YES! If I'm careless my results don't match the data and someone can catch my
mistake. If I'm trying to defraud you I'll fix this problem by making the data
fit, and it's much harder for people to find the mistake.

If I'm a careless accountant we can audit my spreadsheets and find the errors.

If I'm a crooked accountant I'll have deliberately hidden the "error" in shell
companies or offshore accounts, and this will be resistant to lower levels of
scrutiny.

------
lngnmn
Publications, funding and status are the goals, not validity. Science became
theology and metaphysics - joggling with fancy concepts and theories,
producing chimeras from "advanced statistics" and probabilistic models, etc.
The main assumption is that no one would even try to validate or reproduce the
results, because they are too messy and too costly (labor-intensive).

"Scientist" and "researches" do not even realize that things like "dimensions"
are mere concepts and does not exist in reality.
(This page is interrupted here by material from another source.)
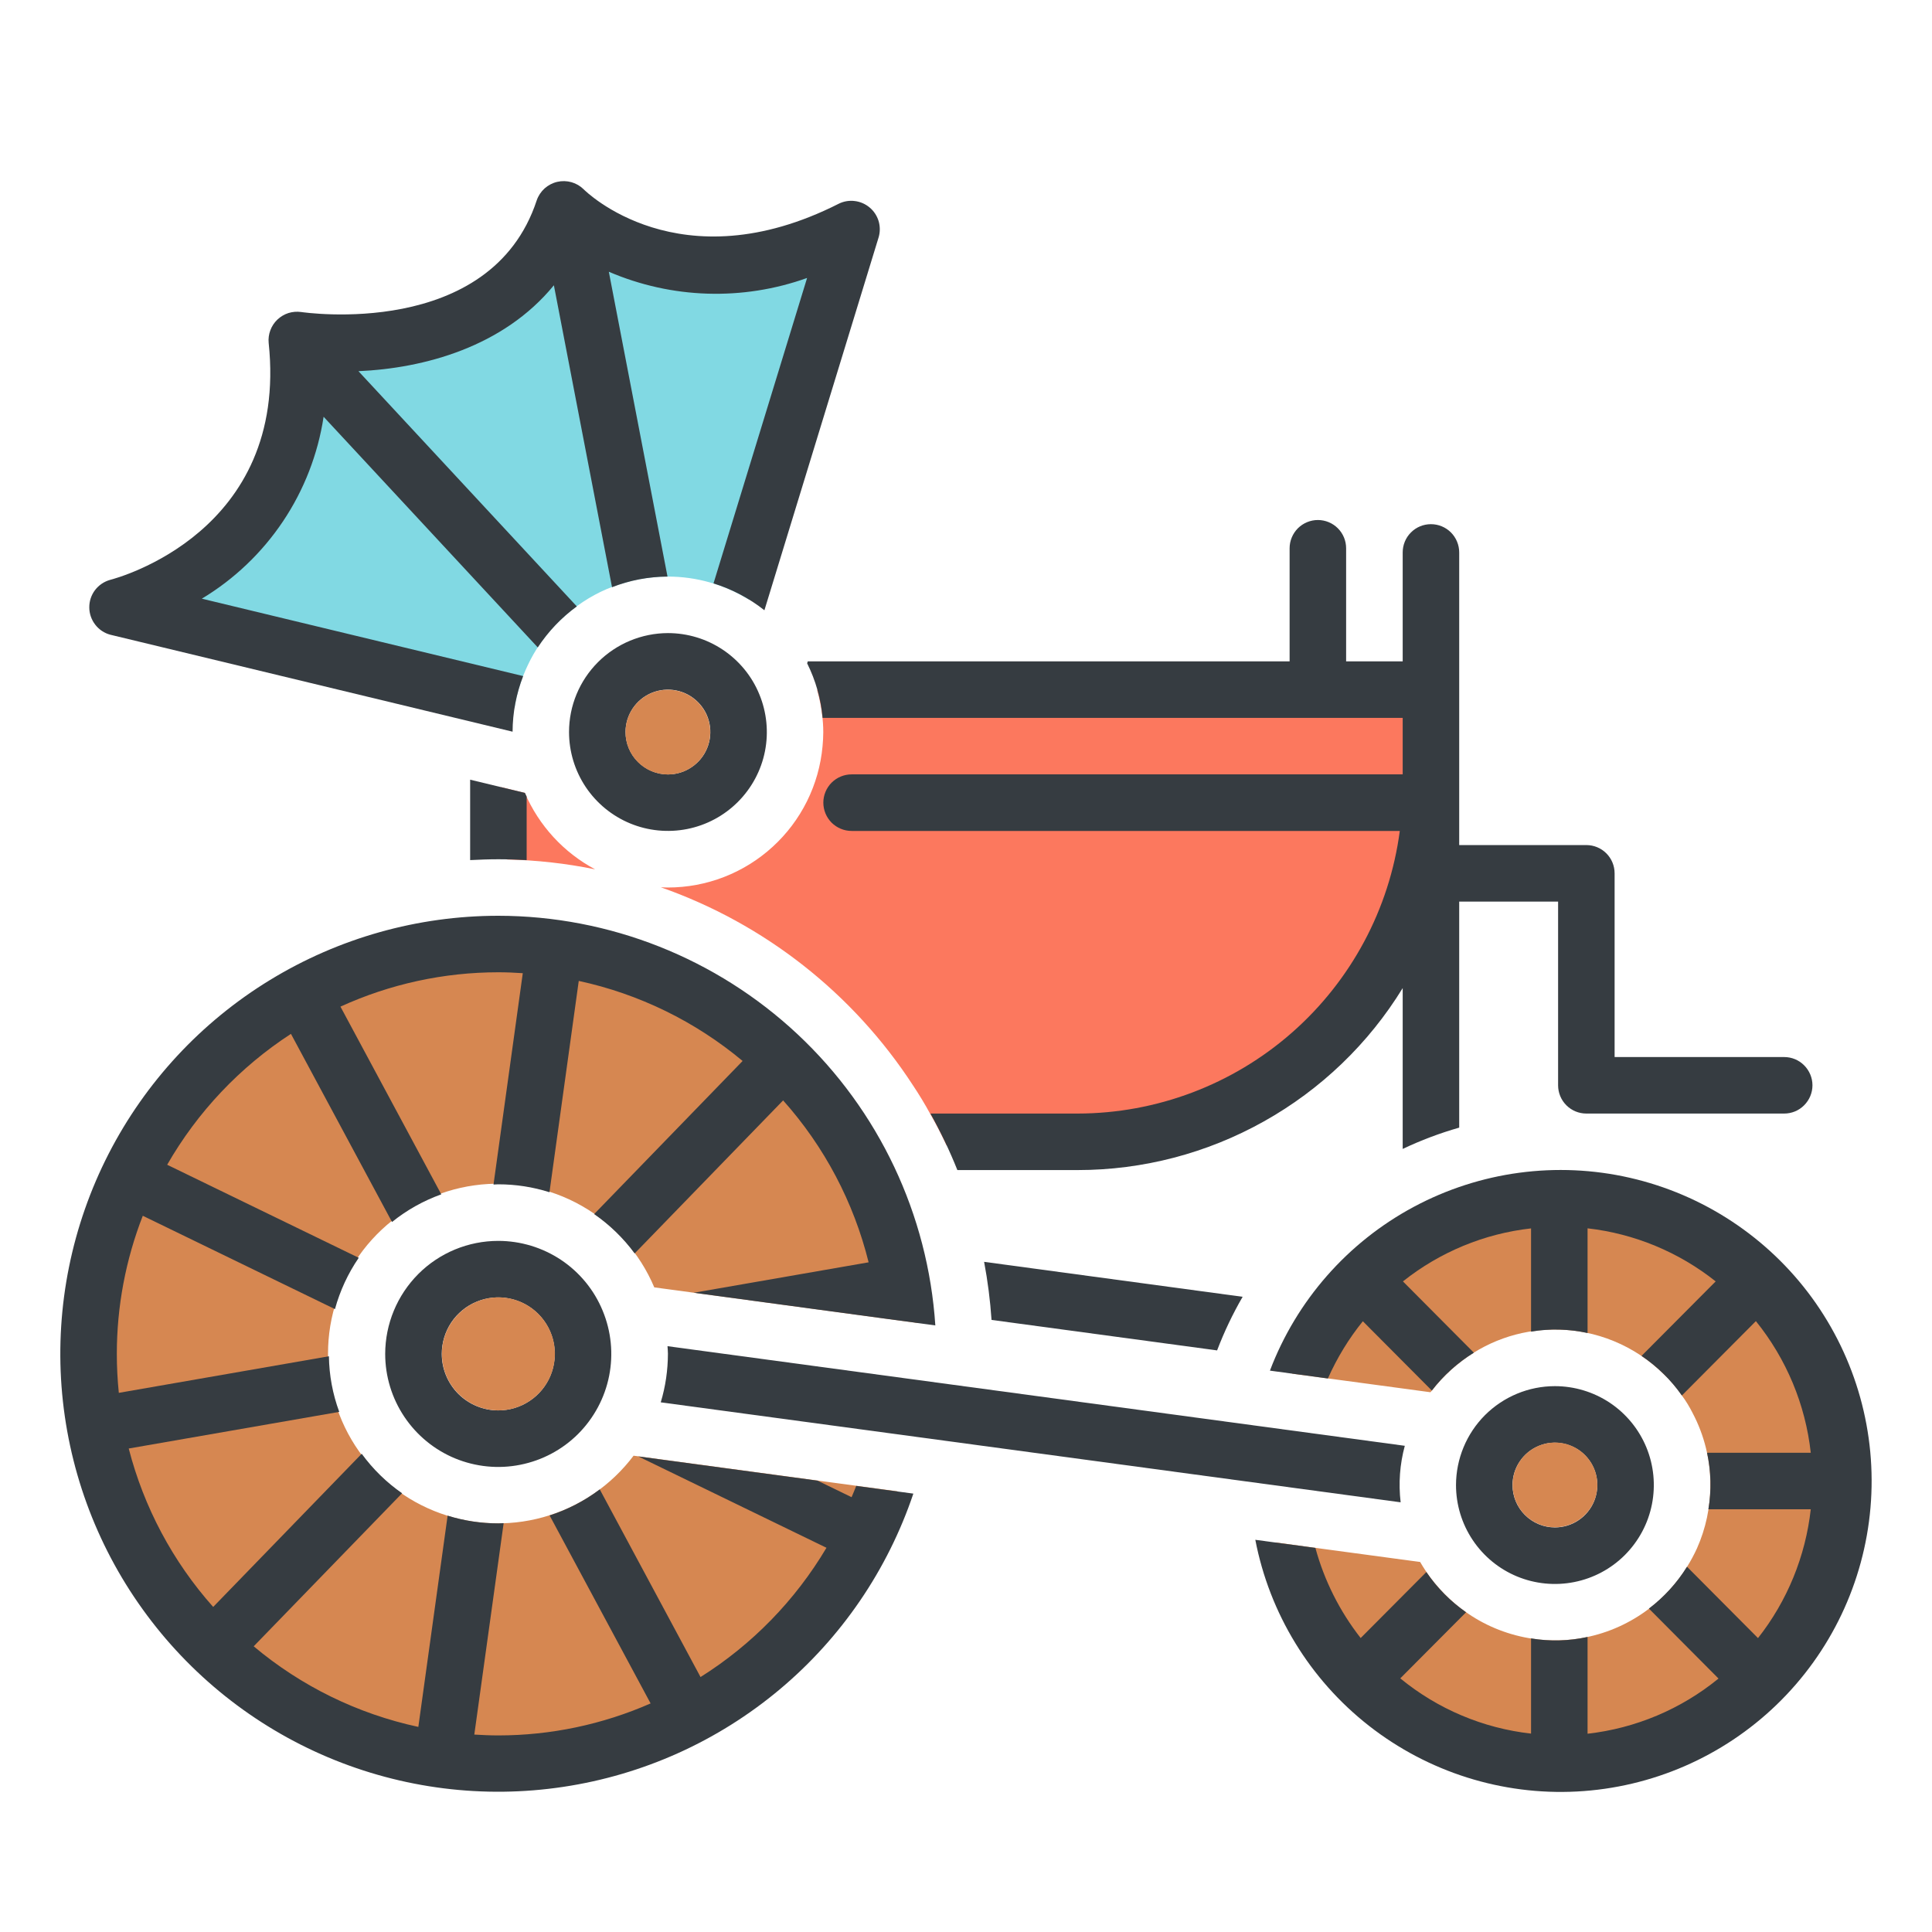 <?xml version="1.0" encoding="UTF-8"?> <svg xmlns="http://www.w3.org/2000/svg" width="32" height="32" viewBox="0 0 32 32" fill="none"><path d="M21.13 25.548V25.55C21.359 26.689 21.988 27.707 22.905 28.42C23.822 29.133 24.964 29.493 26.123 29.434C27.283 29.376 28.383 28.902 29.223 28.1C30.062 27.299 30.586 26.221 30.698 25.066C30.81 23.91 30.503 22.753 29.833 21.804C29.163 20.856 28.175 20.18 27.048 19.899C25.921 19.619 24.731 19.753 23.695 20.276C22.659 20.8 21.845 21.678 21.402 22.752L21.994 22.831L22.219 22.861L23.213 22.995L23.693 23.06C23.7 23.05 23.708 23.041 23.716 23.032C23.809 22.912 23.912 22.799 24.025 22.698C24.061 22.662 24.1 22.63 24.14 22.599C24.594 22.224 25.166 22.02 25.755 22.021C26.432 22.02 27.082 22.288 27.561 22.765C27.597 22.796 27.63 22.829 27.66 22.864C27.66 22.869 27.665 22.871 27.667 22.873C27.736 22.948 27.799 23.028 27.856 23.112C27.924 23.203 27.983 23.301 28.034 23.402C28.229 23.77 28.33 24.18 28.329 24.596C28.33 24.958 28.254 25.316 28.107 25.646C28.059 25.751 28.004 25.853 27.943 25.951C27.738 26.282 27.461 26.563 27.132 26.771C26.803 26.98 26.43 27.111 26.043 27.154C25.656 27.197 25.264 27.152 24.897 27.021C24.53 26.891 24.198 26.678 23.925 26.4C23.885 26.36 23.848 26.32 23.812 26.278C23.775 26.236 23.74 26.194 23.707 26.15C23.64 26.061 23.578 25.968 23.522 25.871L23.349 25.848L21.954 25.66L21.786 25.637L21.13 25.548Z" fill="#D68751"></path><path d="M8.693 13.133C8.926 13.675 9.337 14.122 9.857 14.399C9.377 14.301 8.888 14.246 8.397 14.236L8.296 13.037C8.44 13.072 8.573 13.104 8.693 13.133Z" fill="#FC785E"></path><path d="M10.945 14.696C12.661 15.298 14.13 16.452 15.122 17.977C15.223 18.129 15.319 18.286 15.405 18.445C15.504 18.616 15.593 18.791 15.677 18.969C16.872 18.991 18.066 18.865 19.229 18.592C23.494 17.504 23.58 13.331 23.58 13.331V11.424H13.533C13.562 11.525 13.585 11.629 13.602 11.733C13.607 11.764 13.611 11.796 13.615 11.827C13.629 11.926 13.636 12.026 13.636 12.126C13.636 12.206 13.631 12.283 13.624 12.36C13.566 12.999 13.271 13.594 12.796 14.027C12.322 14.46 11.704 14.7 11.062 14.7C11.022 14.7 10.982 14.698 10.945 14.696Z" fill="#FC785E"></path><path d="M29.551 18.444H26.275C26.151 18.444 26.032 18.395 25.944 18.307C25.856 18.219 25.807 18.1 25.807 17.976V14.933H24.169V18.677C23.847 18.769 23.534 18.887 23.233 19.03V16.366C22.668 17.287 21.876 18.047 20.934 18.574C19.992 19.102 18.93 19.38 17.85 19.38H15.857C15.729 19.059 15.579 18.746 15.411 18.444H17.85C19.155 18.442 20.416 17.966 21.397 17.105C22.378 16.244 23.014 15.057 23.185 13.763H14.105C13.981 13.763 13.862 13.713 13.774 13.626C13.687 13.538 13.637 13.419 13.637 13.294C13.637 13.17 13.687 13.051 13.774 12.963C13.862 12.876 13.981 12.826 14.105 12.826H23.233V11.89H13.625C13.597 11.576 13.51 11.27 13.369 10.987L13.379 10.954H21.36V9.081C21.36 8.957 21.41 8.838 21.497 8.75C21.585 8.663 21.704 8.613 21.828 8.613C21.953 8.613 22.072 8.663 22.159 8.75C22.247 8.838 22.296 8.957 22.296 9.081V10.954H23.233V9.15C23.233 9.026 23.282 8.906 23.37 8.819C23.457 8.731 23.576 8.682 23.701 8.682C23.825 8.682 23.944 8.731 24.032 8.819C24.119 8.906 24.169 9.026 24.169 9.15V13.997H26.275C26.399 13.997 26.518 14.046 26.606 14.134C26.694 14.222 26.743 14.341 26.743 14.465V17.508H29.551C29.676 17.508 29.795 17.557 29.882 17.645C29.97 17.733 30.02 17.852 30.02 17.976C30.02 18.1 29.97 18.219 29.882 18.307C29.795 18.395 29.676 18.444 29.551 18.444Z" fill="#363C41"></path><path d="M2.26 10.067L8.523 11.719C8.562 11.475 8.636 11.238 8.743 11.015C8.799 10.896 8.864 10.781 8.939 10.673C8.965 10.633 8.996 10.594 9.024 10.556C9.109 10.445 9.204 10.342 9.307 10.247C9.524 10.041 9.776 9.874 10.051 9.756C10.079 9.746 10.107 9.735 10.135 9.723C10.2 9.698 10.267 9.676 10.334 9.658C10.401 9.636 10.469 9.618 10.538 9.604C10.571 9.597 10.606 9.59 10.641 9.585C10.674 9.58 10.704 9.576 10.737 9.571C10.774 9.566 10.814 9.562 10.854 9.559C10.89 9.555 10.927 9.552 10.964 9.552C10.997 9.55 11.029 9.55 11.062 9.55C11.536 9.55 12 9.682 12.403 9.931L13.969 4.074C13.171 4.223 12.365 4.329 11.556 4.389C10.765 4.411 9.56 3.304 9.223 4.074C8.886 4.846 7.205 5.499 6.157 5.637C5.108 5.775 5.246 5.656 4.694 7.437C4.139 9.215 2.26 10.067 2.26 10.067Z" fill="#81D9E3"></path><path d="M11.063 10.486C11.387 10.486 11.704 10.582 11.973 10.762C12.242 10.942 12.453 11.198 12.576 11.498C12.7 11.797 12.733 12.126 12.67 12.444C12.607 12.762 12.45 13.054 12.221 13.283C11.992 13.512 11.7 13.668 11.383 13.731C11.065 13.794 10.735 13.762 10.436 13.638C10.137 13.514 9.881 13.304 9.701 13.035C9.521 12.765 9.425 12.449 9.425 12.124C9.425 11.69 9.598 11.274 9.905 10.967C10.212 10.66 10.629 10.487 11.063 10.486ZM11.063 12.827C11.202 12.827 11.338 12.786 11.453 12.708C11.569 12.631 11.659 12.521 11.712 12.393C11.765 12.265 11.779 12.124 11.752 11.988C11.725 11.851 11.658 11.726 11.559 11.628C11.461 11.53 11.336 11.463 11.2 11.436C11.064 11.409 10.923 11.423 10.794 11.476C10.666 11.529 10.556 11.619 10.479 11.735C10.402 11.85 10.361 11.986 10.361 12.124C10.361 12.311 10.435 12.489 10.567 12.62C10.699 12.752 10.877 12.826 11.063 12.827Z" fill="#363C41"></path><path d="M11.062 12.828C10.674 12.828 10.36 12.514 10.36 12.126C10.36 11.738 10.674 11.424 11.062 11.424C11.449 11.424 11.764 11.738 11.764 12.126C11.764 12.514 11.449 12.828 11.062 12.828Z" fill="#D68751"></path><path d="M12.661 10.108C12.41 9.909 12.124 9.758 11.818 9.663L13.368 4.604C12.3 4.986 11.127 4.949 10.084 4.501L11.056 9.55C10.742 9.552 10.43 9.611 10.137 9.726L9.174 4.725C8.338 5.747 7.021 6.1 5.937 6.148L9.554 10.044C9.299 10.229 9.08 10.46 8.907 10.723L5.36 6.903C5.266 7.522 5.036 8.114 4.688 8.634C4.339 9.155 3.88 9.593 3.343 9.916L8.665 11.198C8.551 11.492 8.491 11.804 8.49 12.119C8.49 12.119 1.837 10.516 1.827 10.513C1.728 10.487 1.64 10.428 1.577 10.346C1.514 10.264 1.479 10.164 1.479 10.061C1.478 9.958 1.511 9.857 1.573 9.775C1.635 9.693 1.723 9.633 1.822 9.605C1.943 9.574 4.781 8.815 4.45 5.679C4.443 5.608 4.453 5.536 4.478 5.47C4.503 5.403 4.543 5.342 4.595 5.293C4.647 5.244 4.709 5.207 4.777 5.185C4.845 5.164 4.918 5.158 4.988 5.168C5.02 5.172 8.128 5.635 8.89 3.318C8.916 3.242 8.961 3.175 9.02 3.121C9.08 3.068 9.152 3.03 9.23 3.012C9.308 2.994 9.389 2.996 9.466 3.018C9.543 3.04 9.613 3.081 9.67 3.138C9.686 3.154 11.25 4.715 13.895 3.373C13.977 3.333 14.069 3.318 14.159 3.33C14.249 3.341 14.334 3.378 14.404 3.437C14.474 3.495 14.525 3.573 14.552 3.66C14.578 3.747 14.579 3.84 14.554 3.927L12.661 10.108Z" fill="#363C41"></path><path d="M16.3 20.9L20.582 21.479C20.417 21.763 20.276 22.06 20.159 22.367L16.423 21.862C16.401 21.539 16.36 21.218 16.3 20.9Z" fill="#363C41"></path><path d="M8.694 13.133C8.703 13.154 8.713 13.173 8.723 13.194V14.246C8.568 14.238 8.412 14.232 8.255 14.232C8.097 14.232 7.942 14.238 7.787 14.246V12.914L8.694 13.133L8.694 13.133Z" fill="#363C41"></path><path d="M8.253 20.553C8.623 20.553 8.985 20.663 9.293 20.868C9.601 21.074 9.841 21.366 9.982 21.709C10.124 22.051 10.161 22.427 10.089 22.79C10.017 23.153 9.838 23.487 9.577 23.749C9.315 24.011 8.981 24.189 8.618 24.261C8.255 24.334 7.878 24.296 7.536 24.155C7.194 24.013 6.902 23.773 6.696 23.465C6.49 23.157 6.38 22.795 6.38 22.425C6.381 21.928 6.578 21.453 6.929 21.101C7.28 20.75 7.756 20.553 8.253 20.553ZM8.253 23.361C8.438 23.361 8.619 23.306 8.773 23.203C8.927 23.101 9.047 22.954 9.118 22.783C9.188 22.612 9.207 22.424 9.171 22.242C9.135 22.061 9.046 21.894 8.915 21.763C8.784 21.632 8.617 21.543 8.435 21.507C8.254 21.471 8.066 21.489 7.895 21.56C7.723 21.631 7.577 21.751 7.474 21.905C7.372 22.059 7.317 22.24 7.317 22.425C7.317 22.673 7.416 22.911 7.591 23.087C7.767 23.262 8.005 23.361 8.253 23.361Z" fill="#363C41"></path><path d="M7.319 22.424C7.319 22.61 7.374 22.791 7.477 22.945C7.58 23.098 7.726 23.218 7.897 23.289C8.068 23.36 8.256 23.379 8.438 23.343C8.62 23.306 8.786 23.217 8.917 23.086C9.048 22.955 9.137 22.789 9.173 22.607C9.21 22.425 9.191 22.237 9.12 22.066C9.049 21.895 8.929 21.749 8.775 21.646C8.621 21.543 8.44 21.488 8.255 21.488C8.007 21.489 7.769 21.587 7.594 21.763C7.418 21.938 7.319 22.176 7.319 22.424Z" fill="#D68751"></path><path d="M23.268 23.947C23.185 24.252 23.162 24.57 23.199 24.883L10.944 23.227C11.023 22.966 11.062 22.695 11.063 22.422C11.063 22.38 11.058 22.339 11.056 22.297L23.268 23.947Z" fill="#363C41"></path><path d="M22.537 27.131L23.625 26.038C23.802 26.298 24.025 26.524 24.283 26.704L23.193 27.799C23.812 28.307 24.564 28.625 25.359 28.714V27.137C25.67 27.189 25.988 27.181 26.295 27.113V28.716C27.091 28.626 27.844 28.309 28.464 27.802L27.311 26.643C27.562 26.452 27.775 26.218 27.942 25.95L29.118 27.132C29.603 26.516 29.905 25.777 29.992 24.998H28.296C28.349 24.688 28.341 24.37 28.274 24.062H29.992C29.904 23.264 29.588 22.507 29.083 21.882L27.857 23.114C27.676 22.856 27.449 22.634 27.189 22.458L28.417 21.224C27.806 20.738 27.071 20.433 26.295 20.345V22.079C25.988 22.012 25.67 22.003 25.359 22.056V20.346C24.583 20.433 23.848 20.738 23.237 21.224L24.412 22.405C24.144 22.57 23.908 22.782 23.716 23.032L22.573 21.884C22.339 22.173 22.145 22.492 21.994 22.832L21.034 22.702C21.475 21.54 22.321 20.576 23.417 19.989C24.513 19.402 25.784 19.231 26.996 19.508C28.207 19.785 29.278 20.49 30.011 21.494C30.743 22.499 31.088 23.734 30.981 24.973C30.874 26.211 30.323 27.369 29.429 28.233C28.535 29.097 27.359 29.608 26.118 29.673C24.877 29.738 23.654 29.351 22.675 28.585C21.696 27.819 21.027 26.724 20.792 25.504L21.787 25.638C21.935 26.181 22.19 26.688 22.537 27.131Z" fill="#363C41"></path><path d="M8.204 15.473C9.964 15.473 11.661 16.135 12.956 17.328C14.251 18.521 15.05 20.157 15.195 21.912L10.837 21.323C10.596 20.752 10.173 20.277 9.634 19.972C9.096 19.666 8.471 19.547 7.857 19.633C7.244 19.718 6.676 20.004 6.241 20.446C5.807 20.887 5.53 21.46 5.454 22.075C5.379 22.69 5.508 23.312 5.822 23.846C6.137 24.38 6.618 24.795 7.193 25.027C7.767 25.259 8.402 25.295 8.999 25.129C9.596 24.964 10.121 24.606 10.494 24.111L14.863 24.701C14.456 25.928 13.718 27.018 12.731 27.851C11.743 28.685 10.545 29.23 9.268 29.426C7.991 29.622 6.684 29.461 5.492 28.962C4.3 28.463 3.269 27.644 2.513 26.596C1.757 25.548 1.305 24.312 1.207 23.023C1.109 21.735 1.368 20.444 1.956 19.294C2.545 18.144 3.44 17.178 4.542 16.504C5.644 15.829 6.911 15.473 8.204 15.473Z" fill="#D68751"></path><path d="M25.754 22.959C26.078 22.959 26.395 23.055 26.665 23.235C26.934 23.415 27.144 23.671 27.268 23.97C27.392 24.27 27.424 24.599 27.361 24.917C27.298 25.235 27.142 25.526 26.913 25.756C26.684 25.985 26.392 26.141 26.074 26.204C25.756 26.267 25.427 26.235 25.127 26.111C24.828 25.987 24.572 25.777 24.392 25.507C24.212 25.238 24.116 24.921 24.116 24.597C24.117 24.163 24.289 23.747 24.596 23.439C24.904 23.132 25.32 22.959 25.754 22.959ZM25.754 25.299C25.893 25.299 26.029 25.258 26.144 25.181C26.26 25.104 26.35 24.994 26.403 24.866C26.456 24.738 26.47 24.596 26.443 24.46C26.416 24.324 26.349 24.199 26.251 24.101C26.153 24.003 26.027 23.936 25.891 23.909C25.755 23.881 25.614 23.895 25.486 23.949C25.357 24.002 25.248 24.092 25.171 24.207C25.093 24.323 25.052 24.458 25.052 24.597C25.052 24.783 25.126 24.962 25.258 25.093C25.39 25.225 25.568 25.299 25.754 25.299Z" fill="#363C41"></path><path d="M25.053 24.595C25.053 24.733 25.094 24.869 25.171 24.985C25.248 25.1 25.358 25.19 25.486 25.243C25.614 25.297 25.756 25.31 25.892 25.283C26.028 25.256 26.153 25.189 26.251 25.091C26.35 24.993 26.416 24.868 26.444 24.732C26.471 24.596 26.457 24.454 26.404 24.326C26.35 24.198 26.261 24.088 26.145 24.011C26.029 23.934 25.894 23.893 25.755 23.893C25.569 23.893 25.391 23.967 25.259 24.099C25.128 24.23 25.053 24.409 25.053 24.595Z" fill="#D68751"></path><path d="M8.254 15.168C10.096 15.17 11.868 15.873 13.212 17.132C14.556 18.392 15.371 20.115 15.492 21.953L14.564 21.828L11.49 21.412L14.387 20.908C14.14 19.912 13.654 18.991 12.971 18.226L10.512 20.761C10.326 20.508 10.099 20.288 9.841 20.109L12.3 17.573C11.516 16.918 10.585 16.463 9.586 16.247L9.101 19.747C8.827 19.66 8.542 19.616 8.254 19.616C8.227 19.616 8.201 19.619 8.174 19.62L8.659 16.119C8.525 16.11 8.39 16.104 8.254 16.104C7.352 16.104 6.46 16.298 5.639 16.673L7.309 19.782C7.013 19.888 6.737 20.043 6.493 20.24L4.819 17.124C3.973 17.674 3.271 18.417 2.769 19.292L5.942 20.833C5.764 21.092 5.631 21.38 5.548 21.683L2.365 20.137C2.081 20.866 1.935 21.641 1.935 22.424C1.935 22.64 1.946 22.855 1.968 23.07L5.448 22.464C5.452 22.778 5.51 23.09 5.619 23.385L2.132 23.992C2.383 24.965 2.862 25.865 3.531 26.616L5.991 24.079C6.176 24.333 6.402 24.554 6.66 24.733L4.202 27.268C4.989 27.929 5.925 28.387 6.929 28.603L7.414 25.104C7.686 25.189 7.969 25.232 8.254 25.232C8.284 25.232 8.312 25.229 8.342 25.228L7.856 28.73C7.988 28.738 8.12 28.744 8.254 28.744C9.122 28.744 9.981 28.563 10.776 28.214L9.103 25.1C9.402 25.004 9.683 24.858 9.934 24.669L11.603 27.777C12.459 27.239 13.173 26.505 13.689 25.636L10.572 24.123L13.541 24.524L14.105 24.798C14.13 24.735 14.159 24.674 14.182 24.611L15.128 24.739C14.702 26.003 13.936 27.126 12.913 27.983C11.89 28.84 10.65 29.398 9.33 29.596C8.01 29.795 6.662 29.625 5.432 29.106C4.203 28.587 3.14 27.738 2.362 26.654C1.583 25.571 1.119 24.293 1.019 22.962C0.92 21.631 1.19 20.299 1.799 19.111C2.408 17.924 3.333 16.927 4.472 16.232C5.611 15.536 6.92 15.168 8.254 15.168Z" fill="#363C41"></path><path opacity="0.4" d="M21.13 25.549V25.551L21.785 25.638L21.13 25.549Z" fill="#72492D"></path></svg>

Most of "scientists" could
not tell an abstract concept from an existent phenomena. Most of them cannot
explain the Correlation Is Not Causation principle. They believe that time
really exist and could be slowed down or accelerated. Or it could be part of a
crystal.)

The "studies" contains naive logical flaws, non-validated references, use of
statistical inferences as logical inferences, use of statistics to establish
causality and even Excel errors (unwanted auto-correction, rounding etc.)

This is only the tip of the iceberg - there will be turtles^W unreplicable
metaphysics-like crap all the way down.